Medical records are a prime target of cyber thieves, fetching quadruple the price of Social Security numbers on the dark web. As a result, the U.S. Department of Health and Human Services (HHS) has been strengthening compliance requirements for the Health Insurance Portability and Accountability Act (HIPAA) through new regulations and enhanced cybersecurity standards. The consequence to fire and EMS providers is that HIPAA compliance has become more complicated than ever.
Keys to compliance
HIPAA-covered entities must comply with three regulatory subparts, aptly named the Security Rule, the Breach Notification Rule and the Privacy Rule. Each of these rules warrants its own training program. However, here are seven points that fire and EMS providers must consider.
- Covered entity. HIPAA and its accompanying regulations apply to fire and EMS organizations that “transmit any health information in an electronic form in connection with a transaction for which HHS has adopted a standard.” The term transaction refers to “an electronic exchange of information between two parties to carry out financial or administrative activities related to health care.” In firefighter-friendly lingo, we’re talking about agencies that bill electronically for providing medical care.
- Risk assessments. The Security Rule requires covered entities to perform a risk assessment to determine where protected health information (PHI) may exist and the steps that are necessary to protect it. Risk assessments often lead entities to recognize that PHI exists in places that they might not have realized, such as on memory devices that are built into photocopiers, in National Fire Incident Reporting System (NFIRS) fire reports, on medical monitoring equipment and on devices that are used to take mechanism-of-injury photos. For each risk that is identified, the covered entity must develop a risk-management solution to protect the PHI. One inevitable solution involves training personnel on HIPAA compliance. The risk assessment must be conducted periodically, with most experts recommending at least annually.
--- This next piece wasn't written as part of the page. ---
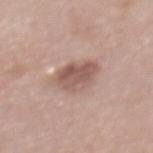Clinical impression: Imaged during a routine full-body skin examination; the lesion was not biopsied and no histopathology is available.
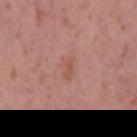Notes:
– notes: no biopsy performed (imaged during a skin exam)

3. Unencrypted devices. HIPAA does not require PHI to be stored on encrypted devices, but the failure to do so poses an unnecessary risk. The loss, theft or unpermitted access to PHI on an unencrypted device, such as a laptop, a tablet computer or memory storage, triggers the Breach Notification Rule. Mandatory notifications must be made to those whose PHI was on the unencrypted device as well as to HHS. If 500 or more people are affected, the news media must be notified. Huge fines may be levied. This is a nightmare that fire and EMS organizations can avoid easily by ensuring that all PHI-containing devices are encrypted.
4. Video ride-alongs that capture PHI. In 2018, the HHS Office of Civil Rights issued $1 million in fines to three Boston-area hospitals that participated in an ABC TV show, “Boston Med.” The hospitals allowed patients to be filmed without first obtaining their consent. This precedent raises grave concerns about reporters and others who film on fire and EMS ride-alongs. Just to be clear, the First Amendment prohibits us from stopping reporters or citizens from filming us doing our job in public places. However, allowing anyone to accompany us into non-public places and capture PHI could result in a HIPAA violation.
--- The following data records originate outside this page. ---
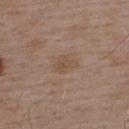<tbp_lesion>
  <biopsy_status>not biopsied; imaged during a skin examination</biopsy_status>
  <site>upper back</site>
  <image>
    <source>total-body photography crop</source>
    <field_of_view_mm>15</field_of_view_mm>
  </image>
  <lighting>white-light</lighting>
  <automated_metrics>
    <cielab_L>50</cielab_L>
    <cielab_a>16</cielab_a>
    <cielab_b>29</cielab_b>
    <vs_skin_darker_L>6.0</vs_skin_darker_L>
    <vs_skin_contrast_norm>5.5</vs_skin_contrast_norm>
    <border_irregularity_0_10>3.0</border_irregularity_0_10>
    <peripheral_color_asymmetry>1.0</peripheral_color_asymmetry>
  </automated_metrics>
  <patient>
    <sex>male</sex>
    <age_approx>55</age_approx>
  </patient>
</tbp_lesion>
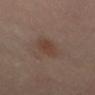From the front of the torso. This is a cross-polarized tile. Automated image analysis of the tile measured a classifier nevus-likeness of about 35/100 and lesion-presence confidence of about 100/100. A female subject, aged around 50. This image is a 15 mm lesion crop taken from a total-body photograph.

5. Security incident plan. The Security Rule requires covered entities to have a plan in place for reasonably anticipated security breaches. A good example would be a ransomware attack. If a field medic notices a ransomware message on a tablet that’s used for patient care reports (PCR), the medic’s agency should have a plan to isolate the device and notify appropriate IT personnel who are capable of handling the breach. Not having a security incident plan that establishes a procedure to address reasonably expected problems, such as a ransomware attack, is a HIPAA violation.
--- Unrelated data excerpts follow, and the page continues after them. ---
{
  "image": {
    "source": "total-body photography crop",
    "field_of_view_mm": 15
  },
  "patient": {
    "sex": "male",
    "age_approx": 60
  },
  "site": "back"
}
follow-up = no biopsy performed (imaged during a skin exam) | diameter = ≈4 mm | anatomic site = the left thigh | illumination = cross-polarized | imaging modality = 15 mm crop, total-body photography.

6. Business associate agreements. HIPAA requires covered entities to have written business associate agreements with third parties that may access PHI. Some of the more common entities with which fire departments and EMS providers share information include cloud-based PCR providers and EMS billing services. However, when one thinks through this a bit more deeply, computer technicians, medical equipment repair firms and NFIRS providers also may have access to PHI.
7. 405(d) Program. HHS developed a consortium of users through an initiative that’s called the 405(d) Program. The 405(d) Program serves as a standards-making body that consists of affected users, technical experts, technology providers and HHS, who meet to develop standards for cybersecurity. Fire departments and EMS providers must be at the 405(d) table to ensure that their concerns and needs are addressed fully.
Be aware
Although firefighters and EMS personnel tend to think about HIPAA as a concern that’s related to the inappropriate sharing of PHI, the true focus of HIPAA today is squarely on cybersecurity. Covered entities need to ensure that they are compliant with the Security Rule, the Breach Notification Rule and the Privacy Rule.